How I built an AI Manga Translator
Dec 29, 2024
On finding out about the Spheron Network’s bounty challenge, I decided to find out what I can do among the challenges - https://github.com/spheronFdn/sos-ai-bounty.
Since I am into Anime, the manga translator task caught my eye.
I had no idea how to do it, but I decided I would figure it out on the go.
The rough plan
The plan was to approach the problem as a human being. What would I do as a human to get the English version?
- I would look out for the speech bubbles in the text.
- Get the text and mark the locations or the speech bubbles they belong to.
- Translate each of the texts.
- Put it back in the right bubbles after removing the Japanese one.
Getting those speech bubbles…
If you don’t know what a Manga is, here is one of the manga panels of One Piece:
You will notice that most of the text is inside the blobs called speech bubbles.
So first, I needed a way to extract the speech bubbles out of the manga art.
This did sound like a vision challenge. Also, I was influenced by the fact that I had finished a similar surveillance project with my teammates for a college course. There, I barely did any of the ML part as it was handled by a professional.

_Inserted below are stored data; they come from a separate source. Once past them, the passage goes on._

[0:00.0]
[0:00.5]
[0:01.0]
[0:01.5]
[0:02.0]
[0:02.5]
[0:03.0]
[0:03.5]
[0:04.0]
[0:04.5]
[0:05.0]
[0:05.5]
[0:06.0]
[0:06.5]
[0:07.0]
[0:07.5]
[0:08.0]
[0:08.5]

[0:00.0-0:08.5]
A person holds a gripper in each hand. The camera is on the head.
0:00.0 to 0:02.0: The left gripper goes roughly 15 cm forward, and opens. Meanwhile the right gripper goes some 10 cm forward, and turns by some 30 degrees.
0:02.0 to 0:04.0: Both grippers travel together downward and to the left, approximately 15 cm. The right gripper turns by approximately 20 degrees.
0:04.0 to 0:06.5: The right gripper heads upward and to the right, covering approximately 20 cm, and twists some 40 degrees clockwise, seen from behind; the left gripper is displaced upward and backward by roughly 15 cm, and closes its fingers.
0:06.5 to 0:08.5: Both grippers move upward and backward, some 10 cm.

Here’s the project for the curious - https://github.com/TheUndercover01/Multi-Camera-person-tracking-NITK
So, I decided I would be using a similar approach of detecting speech bubbles instead of jaywalkers. For this, I would need some kind of manga image dataset… hmmmm, got it!

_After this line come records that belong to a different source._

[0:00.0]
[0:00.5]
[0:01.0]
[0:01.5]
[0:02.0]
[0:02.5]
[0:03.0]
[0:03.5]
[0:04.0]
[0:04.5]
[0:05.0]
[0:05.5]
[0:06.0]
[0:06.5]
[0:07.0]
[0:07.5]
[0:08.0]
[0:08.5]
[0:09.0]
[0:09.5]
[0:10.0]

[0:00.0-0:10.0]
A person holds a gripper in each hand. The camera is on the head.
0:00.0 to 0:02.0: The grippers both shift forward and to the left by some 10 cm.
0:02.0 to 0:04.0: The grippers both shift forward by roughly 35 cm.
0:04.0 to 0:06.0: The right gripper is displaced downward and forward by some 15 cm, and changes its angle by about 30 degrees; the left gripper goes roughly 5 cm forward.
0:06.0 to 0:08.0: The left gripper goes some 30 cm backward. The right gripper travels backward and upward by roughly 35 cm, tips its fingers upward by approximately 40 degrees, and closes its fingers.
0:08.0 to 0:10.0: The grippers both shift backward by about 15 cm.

Dataset - https://universe.roboflow.com/luciano-bastos-nunes/mangas-bubble
Training the model…
The model which is most commonly used for detection tasks is YOLO. It is good for general-purpose detection, but for my task, it was not particularly effective. It would have been a great relief otherwise.
Enter fine-tuning:
Fine-tuning the model meant that we have to train the model on specific data, which in our case is the manga speech dataset. This will enable the model to detect the speech bubbles better.

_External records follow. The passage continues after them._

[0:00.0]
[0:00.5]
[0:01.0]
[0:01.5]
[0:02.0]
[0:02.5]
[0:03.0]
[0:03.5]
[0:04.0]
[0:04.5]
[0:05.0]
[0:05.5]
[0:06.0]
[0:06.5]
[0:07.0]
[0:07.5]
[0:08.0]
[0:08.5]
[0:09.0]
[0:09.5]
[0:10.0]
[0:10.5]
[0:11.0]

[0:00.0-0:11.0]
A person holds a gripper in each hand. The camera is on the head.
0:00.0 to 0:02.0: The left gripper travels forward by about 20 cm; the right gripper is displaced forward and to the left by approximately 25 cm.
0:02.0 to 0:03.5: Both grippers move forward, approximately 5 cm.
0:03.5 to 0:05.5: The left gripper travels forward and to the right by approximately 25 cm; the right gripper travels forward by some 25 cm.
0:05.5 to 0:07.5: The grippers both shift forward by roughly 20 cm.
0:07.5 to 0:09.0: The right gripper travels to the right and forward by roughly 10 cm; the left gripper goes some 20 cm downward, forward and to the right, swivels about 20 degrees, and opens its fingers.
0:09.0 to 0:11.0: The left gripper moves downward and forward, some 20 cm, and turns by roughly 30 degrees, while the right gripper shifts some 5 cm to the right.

The training environment was rather unconventional as it was trained on a decentralized network of GPU compute where you can freely rent any type of compute.
The translation…
Converting the text to English is pretty straightforward. I just used the deep-translator
package from Google to translate the Japanese.
In-painting…
In-painting is the process of filling up the missing parts of an image. There are many ways to go about this process, including the use of LaMa: Resolution-robust Large Mask Inpainting with Fourier Convolutions, which can give you pretty good results.
For my fun little project though, I thought of going simpler using some Python cv
package.
The text placement process begins by preparing the image to accept text overlays and measuring the speech bubble’s dimensions to determine space constraints.
Starting with default text settings for size, spacing, and wrapping, the system automatically scales down these properties if the content exceeds the available bubble space.
Finally, it centers the adjusted text within the bubble boundaries, ensuring translated text fits naturally within speech bubbles of any size.
Finally, the web app
I quickly built a web app that talks to the inference server by sending in the image and getting back the translated manga image.
This concludes the project and it would not have been possible without the immense research that goes into building these kind of models and people who make them easy to use.
Lastly, I would encourage you to look into the bounties as they have a pretty good prize pool for other tasks.